Concat Sort solution codechef – JJ has an array A. He can perform the following operation on A:
- Divide A into two subsequences P and Q such that each A_i belongs to either P or Q.
- Set A := P\ \texttt{concat}\ Q
Table of Contents
[Solution] Concat Sort solution codechef
Here \texttt{concat} denotes the concatenation operation. For e.g. [2, 1, 5] \texttt{ concat } [4, 3] = [2, 1, 5, 4, 3].
Is it possible to make A sorted in non-decreasing order after applying the above operation at most once?
Note: An array X is a subsequence of an array Y if X can be obtained by deletion of several (possibly, zero or all) elements from Y.
Input Format
- The first line contains a single integer T — the number of test cases. Then the test cases follow.

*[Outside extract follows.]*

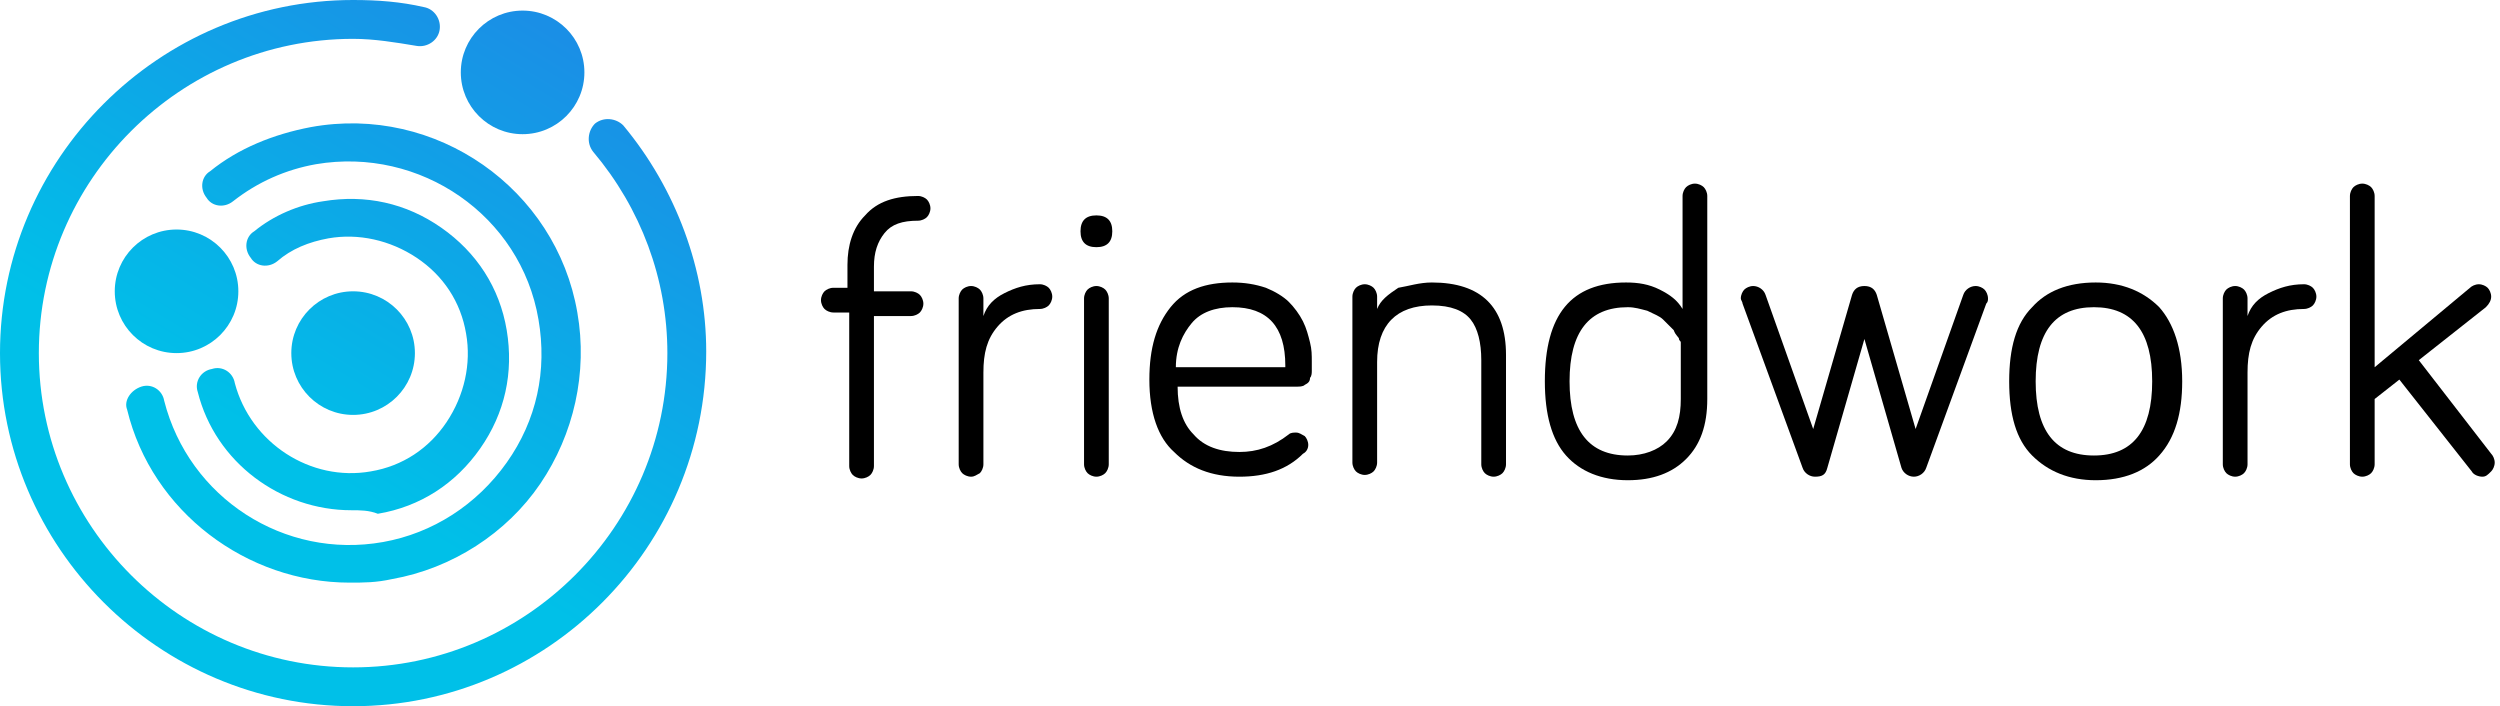 <?xml version="1.0" encoding="UTF-8"?> <svg xmlns="http://www.w3.org/2000/svg" xmlns:xlink="http://www.w3.org/1999/xlink" x="0px" y="0px" viewBox="0 0 141.6 40" xml:space="preserve"> <style type="text/css"> .st0{fill:url(#FWR_LOGO_1);} .st1{fill:url(#FWR_LOGO_2);} .st2{fill:url(#FWR_LOGO_3);} .st3{fill:url(#FWR_LOGO_4);} .st4{fill:url(#FWR_LOGO_5);} .st5{fill:url(#FWR_LOGO_6);} </style> <linearGradient id="FWR_LOGO_1" gradientUnits="userSpaceOnUse" x1="30.981" y1="1.817" x2="10.472" y2="35.778"> <stop offset="0" style="stop-color:#1A8FE6"></stop> <stop offset="0.704" style="stop-color:#00C0E8"></stop> </linearGradient> <linearGradient id="FWR_LOGO_2" gradientUnits="userSpaceOnUse" x1="31.055" y1="1.692" x2="10.319" y2="36.029"> <stop offset="0" style="stop-color:#1A8FE6"></stop> <stop offset="0.704" style="stop-color:#00C0E8"></stop> </linearGradient> <linearGradient id="FWR_LOGO_3" gradientUnits="userSpaceOnUse" x1="31.19" y1="1.943" x2="10.68" y2="35.904"> <stop offset="0" style="stop-color:#1A8FE6"></stop> <stop offset="0.704" style="stop-color:#00C0E8"></stop> </linearGradient> <linearGradient id="FWR_LOGO_4" gradientUnits="userSpaceOnUse" x1="31.118" y1="1.899" x2="10.608" y2="35.861"> <stop offset="0" style="stop-color:#1A8FE6"></stop> <stop offset="0.704" style="stop-color:#00C0E8"></stop> </linearGradient> <linearGradient id="FWR_LOGO_5" gradientUnits="userSpaceOnUse" x1="22.083" y1="-3.589" x2="1.348" y2="30.746"> <stop offset="0" style="stop-color:#1A8FE6"></stop> <stop offset="0.704" style="stop-color:#00C0E8"></stop> </linearGradient> <linearGradient id="FWR_LOGO_6" gradientUnits="userSpaceOnUse" x1="31.103" y1="1.614" x2="10.366" y2="35.954"> <stop offset="0" style="stop-color:#1A8FE6"></stop> <stop offset="0.704" style="stop-color:#00C0E8"></stop> </linearGradient> <path class="st0" d="M20,40C9,40,0,31,0,20C0,9,9,0,20,0c1.4,0,2.7,0.1,4,0.4c0.6,0.1,1,0.7,0.9,1.3c-0.1,0.6-0.7,1-1.3,0.9 c-1.2-0.2-2.4-0.4-3.6-0.4c-9.8,0-17.8,8-17.8,17.8c0,9.8,8,17.8,17.8,17.8c9.8,0,17.8-8,17.8-17.8c0-4.2-1.5-8.2-4.2-11.4 c-0.4-0.5-0.3-1.2,0.1-1.6c0.5-0.4,1.2-0.3,1.6,0.1c3,3.6,4.7,8.2,4.7,12.8C40,31,31,40,20,40z"></path> <circle class="st1" cx="29.6" cy="4.1" r="3.5"></circle> <path class="st2" d="M19.8,33c-5.8,0-11.2-4-12.6-9.8C7,22.7,7.4,22.1,8,21.9c0.6-0.2,1.2,0.2,1.3,0.8c1.4,5.5,6.8,9,12.4,8 c2.8-0.5,5.3-2.1,7-4.5c1.7-2.4,2.3-5.2,1.8-8.1c-1-5.9-6.7-9.8-12.6-8.8c-1.7,0.3-3.3,1-4.7,2.1c-0.5,0.4-1.2,0.3-1.5-0.2 c-0.4-0.5-0.3-1.2,0.2-1.5c1.6-1.3,3.6-2.1,5.7-2.5c7.1-1.3,13.9,3.5,15.1,10.5c0.6,3.4-0.2,6.9-2.1,9.7s-5,4.8-8.4,5.4 C21.3,33,20.6,33,19.8,33z"></path> <path class="st3" d="M19.9,28.9c-4,0-7.7-2.7-8.7-6.7c-0.2-0.6,0.2-1.2,0.8-1.3c0.6-0.2,1.2,0.2,1.3,0.8c0.9,3.4,4.3,5.6,7.7,5 c1.8-0.3,3.3-1.3,4.3-2.8c1-1.5,1.4-3.3,1.1-5c-0.3-1.8-1.3-3.3-2.8-4.3c-1.5-1-3.3-1.4-5-1.1c-1.1,0.2-2.1,0.6-2.9,1.3 c-0.5,0.4-1.2,0.3-1.5-0.2c-0.4-0.5-0.3-1.2,0.2-1.5c1.1-0.9,2.5-1.5,3.9-1.7c2.4-0.4,4.7,0.1,6.7,1.5c2,1.4,3.3,3.4,3.7,5.8 c0.4,2.4-0.1,4.7-1.5,6.7c-1.4,2-3.4,3.3-5.8,3.7C20.9,28.9,20.4,28.9,19.9,28.9z"></path> <circle class="st4" cx="10" cy="16.5" r="3.5"></circle> <circle class="st5" cx="20" cy="20" r="3.5"></circle> <g> <path d="M48,17.7h-0.8c-0.2,0-0.4-0.1-0.5-0.2c-0.1-0.1-0.2-0.3-0.2-0.5c0-0.2,0.1-0.4,0.2-0.5c0.1-0.1,0.3-0.2,0.5-0.2H48V15 c0-1.1,0.3-2.1,1-2.8c0.7-0.8,1.7-1.1,3-1.1c0.2,0,0.4,0.1,0.5,0.2c0.1,0.1,0.2,0.3,0.2,0.5s-0.1,0.4-0.2,0.5 c-0.1,0.1-0.3,0.2-0.5,0.2c-0.9,0-1.5,0.2-1.9,0.7c-0.4,0.5-0.6,1.1-0.6,1.9v1.4h2.1c0.2,0,0.4,0.1,0.5,0.2 c0.1,0.1,0.2,0.3,0.2,0.5c0,0.2-0.1,0.4-0.2,0.5s-0.3,0.2-0.5,0.2h-2.1v8.5c0,0.2-0.1,0.4-0.2,0.5c-0.1,0.1-0.3,0.2-0.5,0.2 s-0.4-0.1-0.5-0.2c-0.1-0.1-0.2-0.3-0.2-0.5V17.7z"></path> <path d="M55.7,16.9v1c0.2-0.6,0.6-1,1.2-1.3c0.6-0.3,1.2-0.5,2-0.5c0.2,0,0.4,0.1,0.5,0.2c0.1,0.1,0.2,0.3,0.2,0.5 c0,0.2-0.1,0.4-0.2,0.5c-0.1,0.1-0.3,0.2-0.5,0.2c-1,0-1.8,0.3-2.4,1c-0.6,0.7-0.8,1.5-0.8,2.6v5.2c0,0.2-0.1,0.4-0.2,0.5 C55.3,26.9,55.2,27,55,27s-0.4-0.1-0.5-0.2c-0.1-0.1-0.2-0.3-0.2-0.5v-9.4c0-0.2,0.1-0.4,0.2-0.5c0.1-0.1,0.3-0.2,0.5-0.2 s0.4,0.1,0.5,0.2C55.6,16.5,55.7,16.7,55.7,16.9z"></path> <path d="M62.1,14c-0.6,0-0.9-0.3-0.9-0.9c0-0.6,0.3-0.9,0.9-0.9s0.9,0.3,0.9,0.9C63,13.7,62.7,14,62.1,14z M62.8,16.9v9.4 c0,0.2-0.1,0.4-0.2,0.5c-0.1,0.1-0.3,0.2-0.5,0.2s-0.4-0.1-0.5-0.2s-0.2-0.3-0.2-0.5v-9.4c0-0.2,0.1-0.4,0.2-0.5 c0.1-0.1,0.3-0.2,0.5-0.2s0.4,0.1,0.5,0.2C62.7,16.5,62.8,16.7,62.8,16.9z"></path> <path d="M65.1,21.5c0-1.8,0.4-3.1,1.2-4.1c0.8-1,2-1.4,3.5-1.4c0.7,0,1.3,0.1,1.9,0.3c0.5,0.2,1,0.5,1.3,0.8 c0.3,0.3,0.6,0.7,0.8,1.1c0.2,0.4,0.3,0.8,0.4,1.2c0.1,0.4,0.1,0.7,0.1,1.1c0,0.2,0,0.4,0,0.5c0,0.1,0,0.3-0.1,0.4 c0,0.2-0.1,0.3-0.3,0.4c-0.1,0.1-0.3,0.1-0.5,0.1h-6.7c0,1.2,0.3,2.1,0.9,2.7c0.6,0.7,1.5,1,2.6,1c1,0,1.9-0.3,2.8-1 c0.1-0.1,0.3-0.1,0.4-0.1c0.2,0,0.3,0.1,0.5,0.2c0.1,0.1,0.2,0.3,0.2,0.5s-0.1,0.4-0.3,0.5c-0.9,0.9-2.1,1.3-3.6,1.3 c-1.6,0-2.8-0.5-3.7-1.4C65.6,24.8,65.1,23.4,65.1,21.5z M72.8,20.7c0-2.2-1-3.3-3-3.3c-1,0-1.8,0.3-2.3,0.9s-0.9,1.4-0.9,2.5H72.8 z"></path> <path d="M81.1,16c2.8,0,4.2,1.4,4.2,4.1v6.2c0,0.2-0.1,0.4-0.2,0.5C85,26.9,84.8,27,84.6,27s-0.4-0.1-0.5-0.2 c-0.1-0.1-0.2-0.3-0.2-0.5v-5.9c0-1-0.2-1.8-0.6-2.3c-0.4-0.5-1.1-0.8-2.2-0.8c-2,0-3.1,1.1-3.1,3.2v5.7c0,0.2-0.1,0.4-0.2,0.5 c-0.1,0.1-0.3,0.2-0.5,0.2c-0.2,0-0.4-0.1-0.5-0.2s-0.2-0.3-0.2-0.5v-9.4c0-0.2,0.1-0.4,0.2-0.5c0.1-0.1,0.3-0.2,0.5-0.2 c0.2,0,0.4,0.1,0.5,0.2c0.1,0.1,0.2,0.3,0.2,0.5v0.7c0.2-0.5,0.6-0.8,1.2-1.2C79.8,16.2,80.4,16,81.1,16z"></path> <path d="M92.1,16c0.7,0,1.3,0.1,1.9,0.4c0.6,0.3,1,0.6,1.3,1.1v-6.4c0-0.2,0.1-0.4,0.2-0.5c0.1-0.1,0.3-0.2,0.5-0.2 c0.2,0,0.4,0.1,0.5,0.2c0.1,0.1,0.2,0.3,0.2,0.5v11.5c0,1.5-0.4,2.6-1.2,3.4c-0.8,0.8-1.9,1.2-3.3,1.2c-1.5,0-2.7-0.5-3.5-1.4 c-0.8-0.9-1.2-2.3-1.2-4.2C87.5,17.8,89,16,92.1,16z M95.2,22.6v-3.2c0-0.1-0.1-0.1-0.1-0.2c0-0.1-0.2-0.2-0.3-0.5 c-0.2-0.2-0.4-0.4-0.6-0.6c-0.2-0.2-0.5-0.3-0.9-0.5c-0.4-0.1-0.7-0.2-1.1-0.2c-2.2,0-3.3,1.4-3.3,4.2c0,2.8,1.1,4.2,3.3,4.2 c0.9,0,1.7-0.3,2.2-0.8C95,24.4,95.2,23.6,95.2,22.6z"></path> <path d="M107.7,26.5l-2.1-7.3l-2.1,7.3c-0.1,0.4-0.3,0.5-0.7,0.5c-0.3,0-0.6-0.2-0.7-0.5l-3.4-9.3c0-0.1-0.1-0.2-0.1-0.3 c0-0.2,0.1-0.4,0.2-0.5c0.1-0.1,0.3-0.2,0.5-0.2c0.3,0,0.6,0.2,0.7,0.5l2.7,7.6l2.2-7.6c0.1-0.3,0.3-0.5,0.7-0.5 c0.4,0,0.6,0.2,0.7,0.5l2.2,7.6l2.7-7.6c0.1-0.3,0.4-0.5,0.7-0.5c0.2,0,0.4,0.1,0.5,0.2c0.1,0.1,0.2,0.3,0.2,0.5 c0,0.1,0,0.2-0.1,0.3l-3.4,9.3c-0.1,0.3-0.4,0.5-0.7,0.5C108.1,27,107.8,26.8,107.7,26.5z"></path> <path d="M115.1,17.4c0.8-0.9,2-1.4,3.6-1.4c1.5,0,2.7,0.5,3.6,1.4c0.8,0.9,1.3,2.3,1.3,4.2c0,1.8-0.4,3.2-1.3,4.2 c-0.8,0.9-2,1.4-3.6,1.4c-1.5,0-2.7-0.5-3.6-1.4c-0.9-0.9-1.3-2.3-1.3-4.2C113.8,19.7,114.2,18.3,115.1,17.4z M118.6,25.8 c2.2,0,3.3-1.4,3.3-4.2c0-2.8-1.1-4.2-3.3-4.2s-3.3,1.4-3.3,4.2C115.3,24.4,116.4,25.8,118.6,25.8z"></path> <path d="M127.3,16.9v1c0.2-0.6,0.6-1,1.2-1.3c0.6-0.3,1.2-0.5,2-0.5c0.2,0,0.4,0.1,0.5,0.2c0.1,0.1,0.2,0.3,0.2,0.5 c0,0.2-0.1,0.4-0.2,0.5c-0.1,0.1-0.3,0.2-0.5,0.2c-1,0-1.8,0.3-2.4,1c-0.6,0.7-0.8,1.5-0.8,2.6v5.2c0,0.2-0.1,0.4-0.2,0.5 c-0.1,0.1-0.3,0.2-0.5,0.2c-0.2,0-0.4-0.1-0.5-0.2s-0.2-0.3-0.2-0.5v-9.4c0-0.2,0.1-0.4,0.2-0.5c0.1-0.1,0.3-0.2,0.5-0.2 c0.2,0,0.4,0.1,0.5,0.2C127.2,16.5,127.3,16.7,127.3,16.9z"></path> <path d="M140.6,27c-0.2,0-0.5-0.1-0.6-0.3l-4.1-5.2l-1.4,1.1v3.7c0,0.2-0.1,0.4-0.2,0.5c-0.1,0.1-0.3,0.2-0.5,0.2 c-0.2,0-0.4-0.1-0.5-0.2s-0.2-0.3-0.2-0.5V11.1c0-0.2,0.1-0.4,0.2-0.5c0.1-0.1,0.3-0.2,0.5-0.2c0.2,0,0.4,0.1,0.5,0.2 c0.1,0.1,0.2,0.3,0.2,0.5v9.7l5.4-4.5c0.1-0.1,0.3-0.2,0.5-0.2c0.2,0,0.4,0.1,0.5,0.2c0.1,0.1,0.2,0.3,0.2,0.5 c0,0.2-0.1,0.4-0.3,0.6l-3.8,3l4.1,5.3c0.1,0.1,0.2,0.3,0.2,0.5c0,0.2-0.1,0.4-0.2,0.5C140.9,26.9,140.8,27,140.6,27z"></path> </g> </svg>

- The first line of each test case contains an integer N — the size of the array A.
- The second line of each test case contains N space-separated integers A_1, A_2, \ldots, A_N denoting the array A.
Output Format
For each test case, output YES if it is possible to make the array A sorted after applying the given operation at most once. Otherwise, output NO.
You may print each character of YES and NO in uppercase or lowercase (for example, yes, yEs, Yes will be considered identical).
[Solution] Concat Sort solution codechef
- 1 \leq T \leq 10^5
- 2 \leq N \leq 10^5
- 1 \le A_i \le 10^9
- Sum of N over all test cases does not exceed 2 \cdot 10^5.
Sample 1:
3 6 4 5 6 1 2 3 5 1 3 5 2 4 5 5 10 7 11 9
YES NO YES
[Solution] Concat Sort solution codechef Explanation:
Test case 1: We can select P = [1, 2, 3] and Q = [4, 5, 6]. Therefore A will become [1, 2, 3, 4, 5, 6] which is sorted.
Test case 2: It can be proven that it is not possible to sort A by using the given operation at most once.
Test case 3: We can select P = [5, 7, 9] and Q = [10, 11]. Therefore A will become [5, 7, 9, 10, 11] which is sorted.